SDK_BOOTSTRAP_PHASE_CODES = {
"pre": 1, # pre-venv (state_dir.mkdir, sentinel open)
"venv": 2, # python -m venv --clear
"pip": 3, # pip install
"main": 4, # uncaught exception above main()
}
SDK_BOOTSTRAP_ERR_CODES = {
"pip_no_match": 1,
"dns_fail": 2,
"conn_refused": 3,
"ssl_verify": 4,
"perm_denied": 5,
"no_pip": 6,
"disk_full": 7,
"proxy_auth": 8,
"stderr_timeout": 9, # pip stderr containing "timeout"/"timed out"
"subprocess_timeout": 10, # subprocess.TimeoutExpired (>120s)
# 1198 reserved for future categories; APPEND-ONLY.
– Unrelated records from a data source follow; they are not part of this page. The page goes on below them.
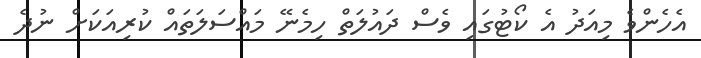
އެހެންވެ މިއަދު އެ ކޯޓުގައި ވެސް ދައުލަތް ހިމެނޭ މައްސަލަތައް ކުރިއަކަށް ނުދެ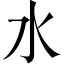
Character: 水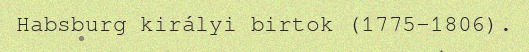
Habsburg királyi birtok (1775–1806).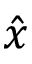
\hat { x }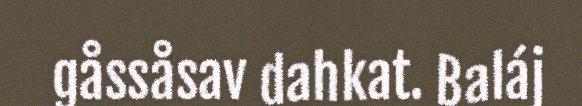
gåssåsav dahkat. Baláj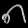
Digit: ၈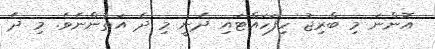
އޮންނަ މި ބްރިޖު ހިފަހައްޓައި ދެނީ މި ދެ އަތުންނެވެ. މި ދެ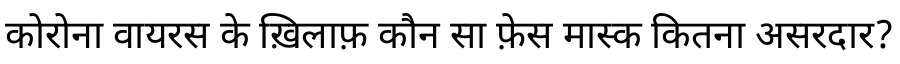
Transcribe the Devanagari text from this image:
कोरोना वायरस के ख़िलाफ़ कौन सा फ़ेस मास्क कितना असरदार?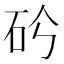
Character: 𥐤

# 99 catches everything else (including "exc:<TypeName>" and "other:<tail>"
# — the original string is debug-loggable but the integer is what makes
# it to telemetry).
"_uncategorized": 99,
}
def _encode_phase(s):
"""Map err_phase string to its telemetry integer code, or 0 if unset.
Empty/None → 0 lets `if encoded:` cleanly skip emission. Per
SDK_BOOTSTRAP_PHASE_CODES, valid codes are 1-4."""
return SDK_BOOTSTRAP_PHASE_CODES.get((s or "").strip(), 0)
def _encode_err_kind(s):
"""Map err_kind string to its telemetry integer code, or 0 if unset.
Direct hits use the static map; "exc:<X>" and "other:<tail>" both
collapse to _uncategorized (99) — the raw string survives in debug
logs, only the integer reaches BQ."""
s = (s or "").strip()
if not s:
return 0
if s in SDK_BOOTSTRAP_ERR_CODES:
return SDK_BOOTSTRAP_ERR_CODES[s]
# Prefix matches for the catch-all categories
if s.startswith("exc:") or s.startswith("other:") or s == "other":
return SDK_BOOTSTRAP_ERR_CODES["_uncategorized"]
# Unknown string — still emit as uncategorized rather than dropping
return SDK_BOOTSTRAP_ERR_CODES["_uncategorized"]
def _sdk_on_syspath() -> bool:
# find_spec is ~10ms; actually importing the SDK pulls in
# transitive deps and costs ~800ms — too heavy for a
# per-SessionStart no-op check that most sessions hit.
try:
return importlib.util.find_spec("claude_agent_sdk") is not None
except Exception:
return False
def _plugin_version_int() -> int:
# Same encoding as security_reminder_hook._read_plugin_version_int so
# metrics rows from both hooks join on pv.
try:
p = Path(__file__).parent.parent / ".claude-plugin" / "plugin.json"
v = json.loads(p.read_text())["version"]
major, minor, patch = (int(x) for x in v.split(".")[:3])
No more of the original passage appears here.